Di penghujung perbincangan dengan kami kala itu, Mira menegaskan bahwa perempuan yang ada di industri perfilman adalah perempuan pemberani dan vokal.

Bukan hanya dirinya, Mira merasa banyak sineas perempuan yang sangat berani dan vokal. Ia merasa itu menjadi pembeda antara sineas perempuan dengan pria yang cenderung kurang berani tanpa maksud mendiskreditkan gender pria.

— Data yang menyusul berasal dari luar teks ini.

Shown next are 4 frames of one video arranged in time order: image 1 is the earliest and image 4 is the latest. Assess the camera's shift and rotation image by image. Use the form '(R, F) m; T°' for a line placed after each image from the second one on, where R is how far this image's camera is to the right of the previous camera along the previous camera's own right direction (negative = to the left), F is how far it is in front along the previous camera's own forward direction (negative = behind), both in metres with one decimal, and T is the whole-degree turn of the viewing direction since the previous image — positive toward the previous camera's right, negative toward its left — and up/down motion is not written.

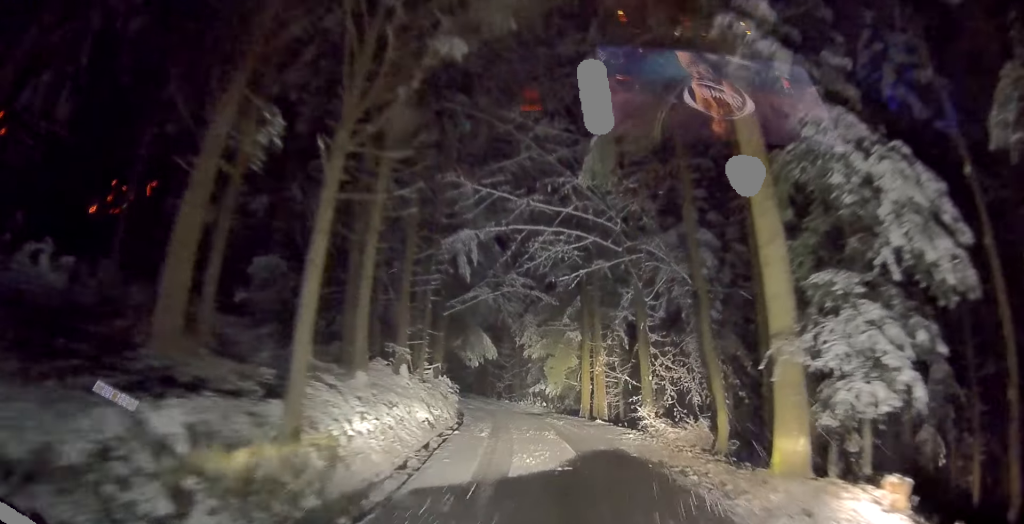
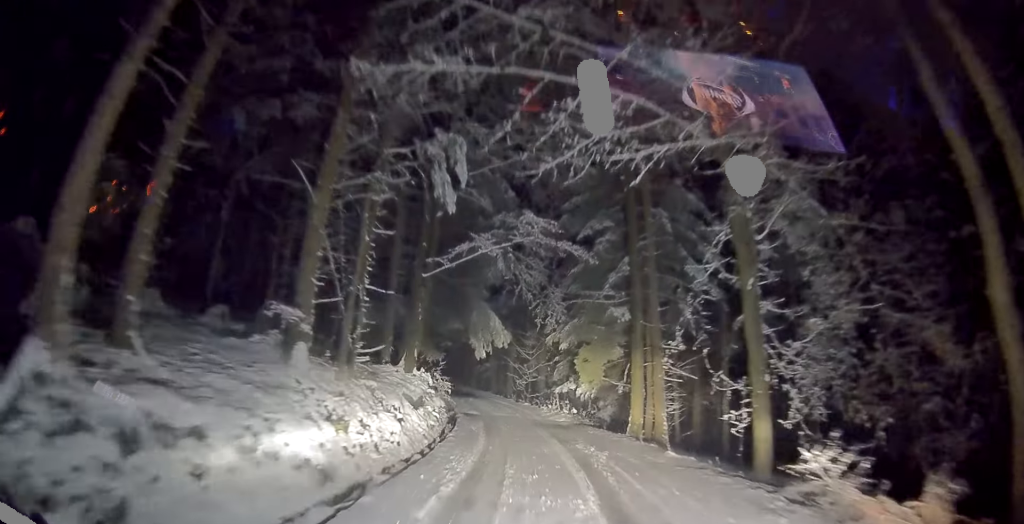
(0.0, +5.6) m; -1°
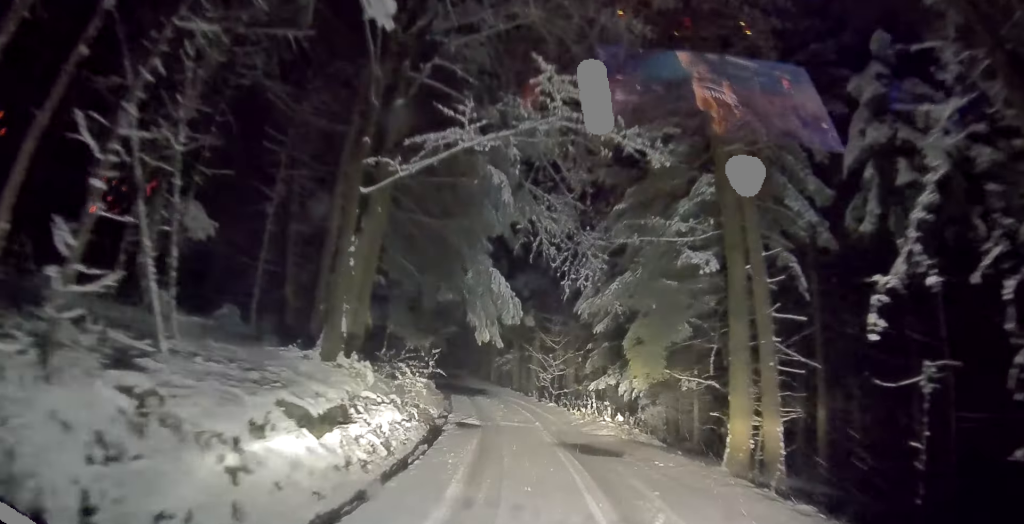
(-0.1, +3.9) m; -3°
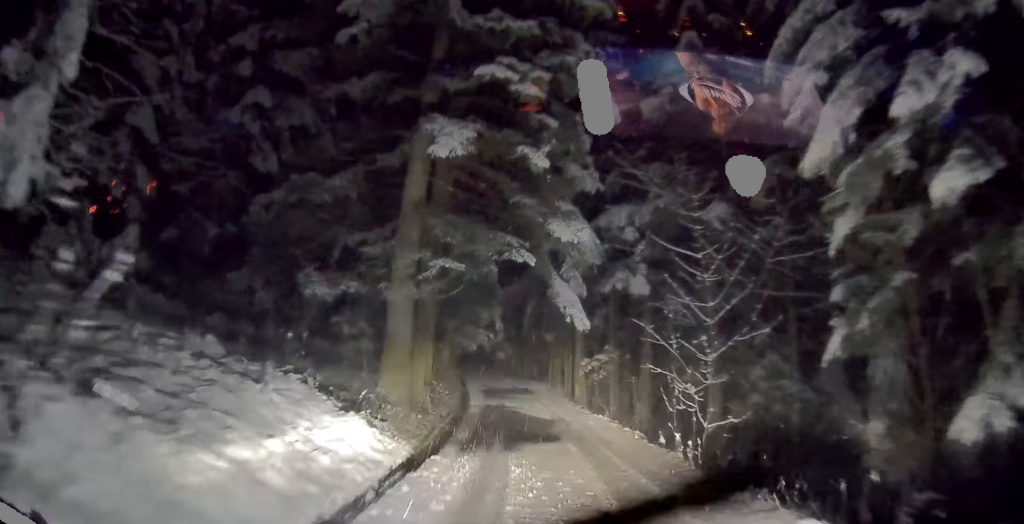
(-1.5, +11.4) m; -7°

“Nia Dinata mengangkat isu-isu gender, Upi Avianto mencoba berbagai genre, atau Nan Achnas yang sangat tekun dengan apa yang ingin dia kerjakan," katanya membanggakan sesama sineas perempuan.

Ia juga ingat bagaimana perempuan-perempuan, termasuk dirinya, membangkitkan industri perfilman pada akhir 1990-an dan awal 2000-an. Mira dengan Petualangan Sherina, Nia dengan Ca Bau Kan, dan Nan Achnas dengan Pasir Berbisik.

"Ketika kemudian film pelan-pelan mulai menjadi industri menjadi male dominated. Mau tidak mau, karena kalau kita omong departemen lighting saja, very-very male dominated. Tapi pucuk pimpinannya juga kemudian masuk banyak pria, akhirnya kami kembali jadi minoritas.” tutup Mira.